Assignment:
The records below are to be restated word for word, with their images omitted.

Supplied data:
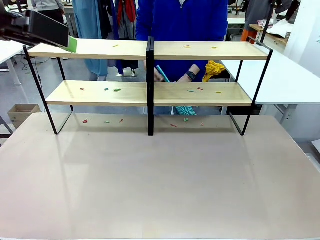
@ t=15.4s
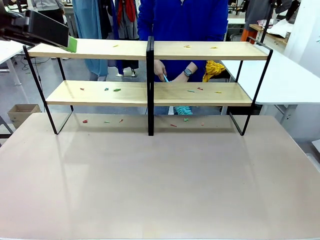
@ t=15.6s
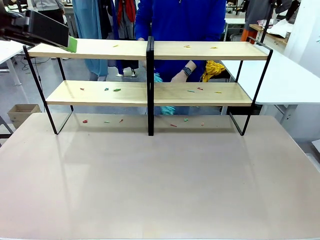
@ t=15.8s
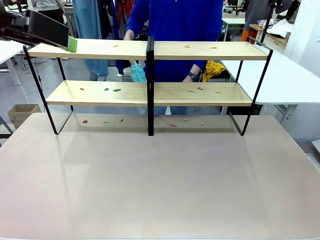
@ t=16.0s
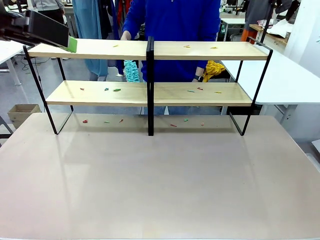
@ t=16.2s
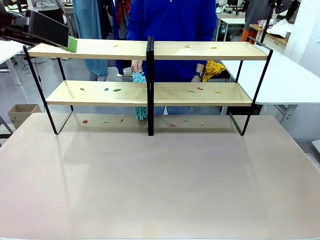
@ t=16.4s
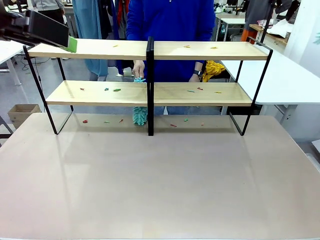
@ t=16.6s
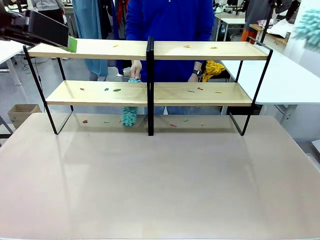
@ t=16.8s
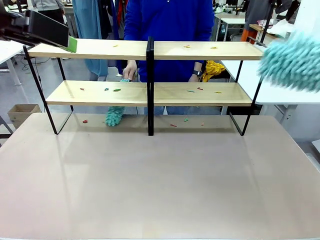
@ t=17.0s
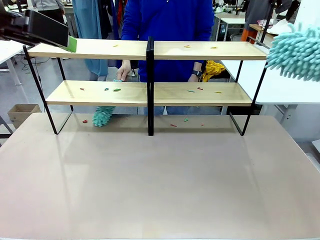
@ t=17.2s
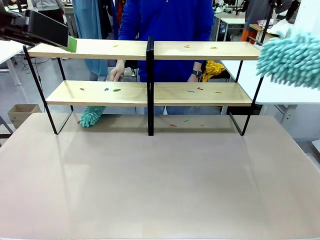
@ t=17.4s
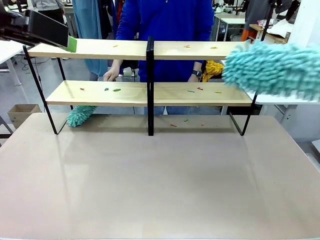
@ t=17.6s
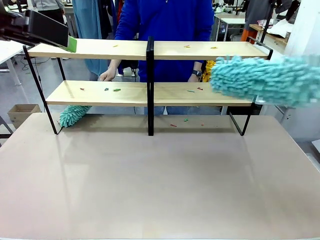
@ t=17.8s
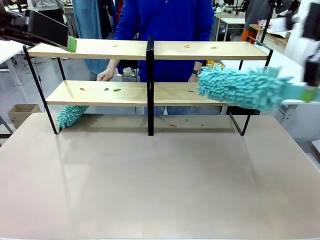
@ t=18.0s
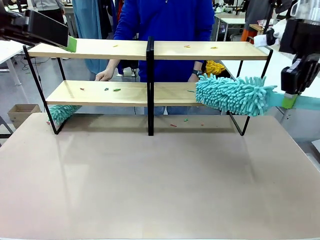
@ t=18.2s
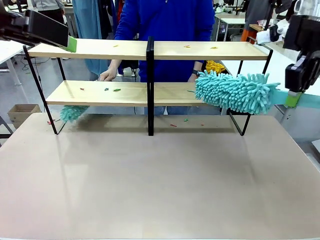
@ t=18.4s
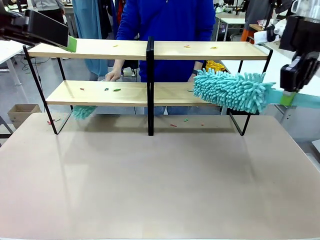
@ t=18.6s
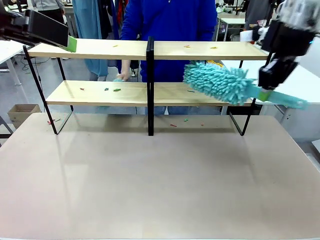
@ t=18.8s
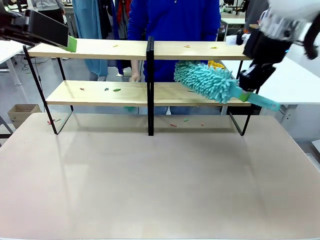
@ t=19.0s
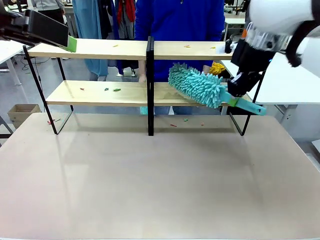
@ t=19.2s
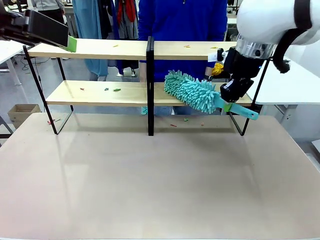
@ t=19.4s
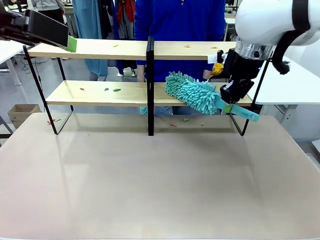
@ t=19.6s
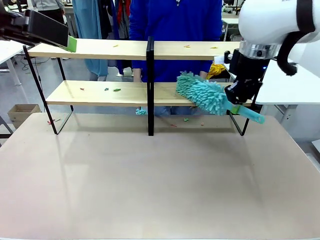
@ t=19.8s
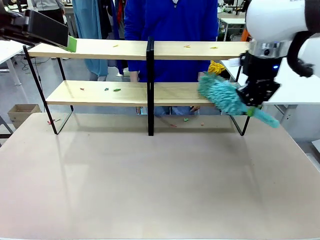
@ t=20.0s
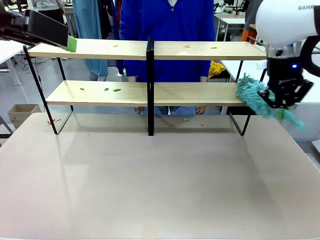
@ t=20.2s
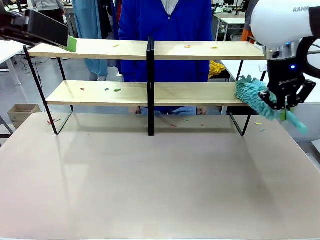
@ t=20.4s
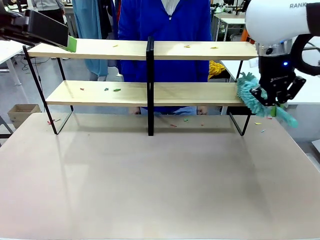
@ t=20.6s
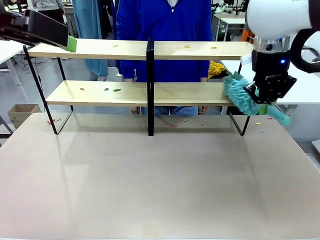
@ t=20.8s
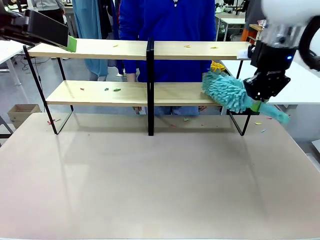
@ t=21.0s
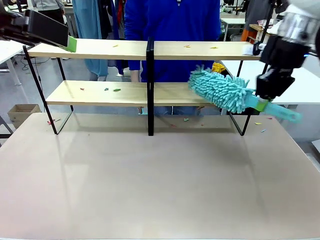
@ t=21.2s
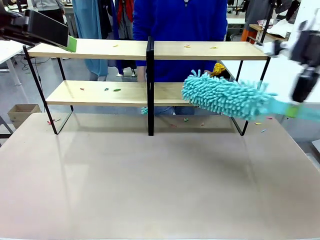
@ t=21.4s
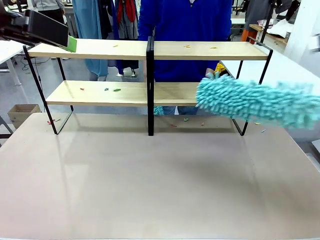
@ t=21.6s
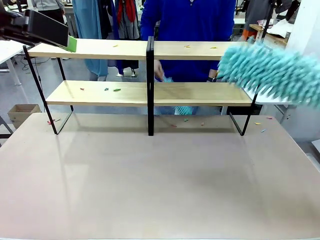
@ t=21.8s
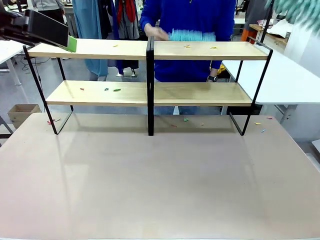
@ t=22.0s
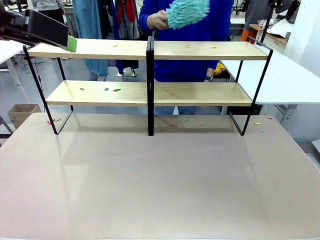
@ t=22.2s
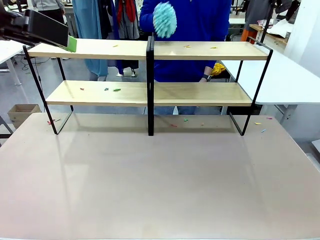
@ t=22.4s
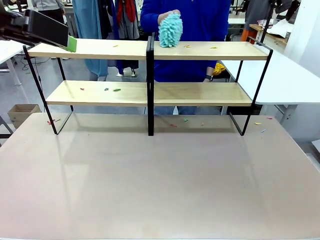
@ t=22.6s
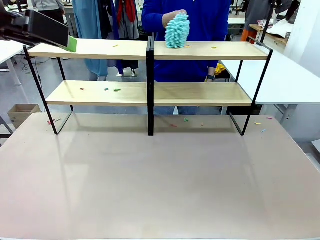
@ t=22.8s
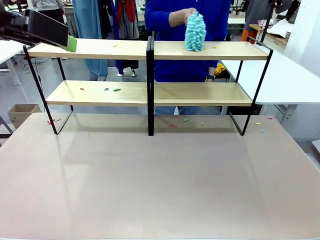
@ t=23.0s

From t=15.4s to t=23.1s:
Robot: Clean a randomly selected level of the Shelf with the Duster.

Expected answer:
@ t=15.4s
@ t=15.6s
@ t=15.8s
@ t=16.0s
@ t=16.2s
@ t=16.4s
@ t=16.6s
@ t=16.8s
@ t=17.0s
@ t=17.2s
@ t=17.4s
@ t=17.6s
@ t=17.8s
@ t=18.0s
@ t=18.2s
@ t=18.4s
@ t=18.6s
@ t=18.8s
@ t=19.0s
@ t=19.2s
@ t=19.4s
@ t=19.6s
@ t=19.8s
@ t=20.0s
@ t=20.2s
@ t=20.4s
@ t=20.6s
@ t=20.8s
@ t=21.0s
@ t=21.2s
@ t=21.4s
@ t=21.6s
@ t=21.8s
@ t=22.0s
@ t=22.2s
@ t=22.4s
@ t=22.6s
@ t=22.8s
@ t=23.0s

From t=15.4s to t=23.1s:
Robot: Clean a randomly selected level of the Shelf with the Duster.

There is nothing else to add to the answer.